2. Sebuah Ledakan

Bawah Tanah:
The Rumor Comes True

A novel by Zivia Zee

•••

Kutinggalkan segala euforia hari kelulusan yang luar biasa ini. Toh, ini bukan hari kelulusanku. Ini hari kelulusan pacarku dan seharusnya kita berdua merayakannya dengan touring ke sekitar Jakarta pada malam hari. Aku bahkan membawa makanan ringan untuk acara tersebut. Tapi sepertinya bayangan touring berdua dengan Djanuar harus kandas ketika kulihat cowok itu sedang berbicara serius dengan Camila. Entah apa yang dibicarakannya. Barangkali topiknya adalah bagaimana caranya memutuskanku tanpa rasa sakit, saking serius dan dekatnya dua orang itu.

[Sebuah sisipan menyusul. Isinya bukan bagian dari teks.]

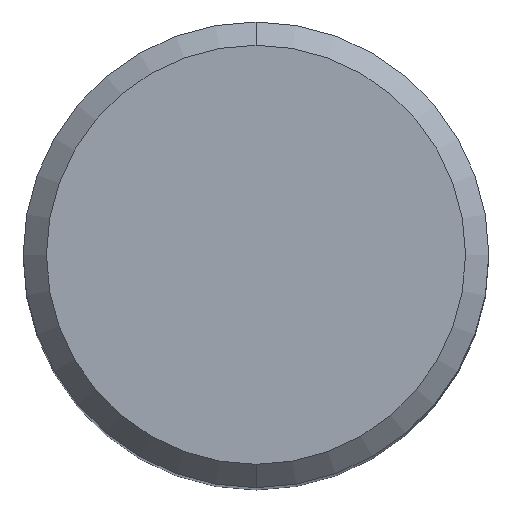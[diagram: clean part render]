
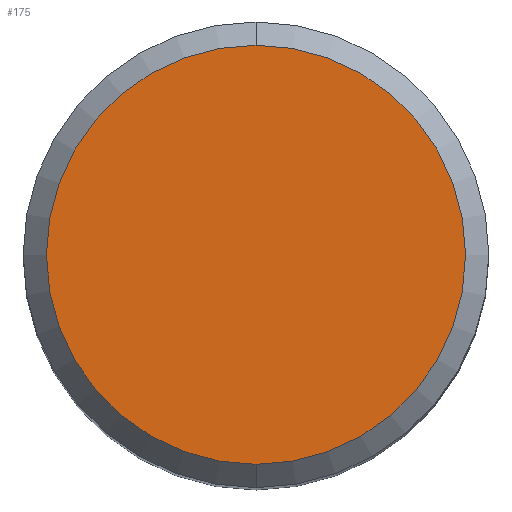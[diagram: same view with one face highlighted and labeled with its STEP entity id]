
A CAD part, top view. The second image highlights one B-rep face of the part: STEP entity #175.
In plain terms, the highlighted planar face has unit normal (0, 0, 1).
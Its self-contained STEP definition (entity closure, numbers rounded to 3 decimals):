
#109=VERTEX_POINT('',#261);
#133=EDGE_CURVE('',#197,#109,#290,.T.);
#159=EDGE_CURVE('',#109,#197,#319,.T.);
#175=ADVANCED_FACE('',(#336),#337,.T.);
#197=VERTEX_POINT('',#360);
#261=CARTESIAN_POINT('',(0.0,7.2,0.0));
#290=CIRCLE('',#463,7.2);
#319=CIRCLE('',#495,7.2);
#336=FACE_OUTER_BOUND('',#517,.T.);
#337=PLANE('',#518);
#360=CARTESIAN_POINT('',(0.,-7.2,0.0));
#463=AXIS2_PLACEMENT_3D('',#666,#667,#668);
#495=AXIS2_PLACEMENT_3D('',#698,#699,#700);
#517=EDGE_LOOP('',(#720,#721));
#518=AXIS2_PLACEMENT_3D('',#722,#723,#724);
#666=CARTESIAN_POINT('',(0.0,0.0,0.0));
#667=DIRECTION('',(0.0,0.0,-1.0));
#668=DIRECTION('',(0.0,1.0,0.0));
#698=CARTESIAN_POINT('',(0.0,0.0,0.0));
#699=DIRECTION('',(0.0,0.0,-1.0));
#700=DIRECTION('',(0.0,1.0,0.0));
#720=ORIENTED_EDGE('',*,*,#159,.F.);
#721=ORIENTED_EDGE('',*,*,#133,.F.);
#722=CARTESIAN_POINT('',(0.0,3.6,0.0));
#723=DIRECTION('',(-0.0,0.0,1.0));
#724=DIRECTION('',(0.0,-1.0,0.0));

"Ra, lo mau nyamperin Kak Djanu? Disana ada Camila lho."

Aku bersumpah mataku masih sangat bagus untuk melihat sosok cantik nan langsing yang kakinya menjulang semampai itu. Lalu kenapa? Aku adalah pacarnya Kak Djanuar. Terlepas dari bagaimana sikap Kak Djanuar padaku beberapa menit lalu.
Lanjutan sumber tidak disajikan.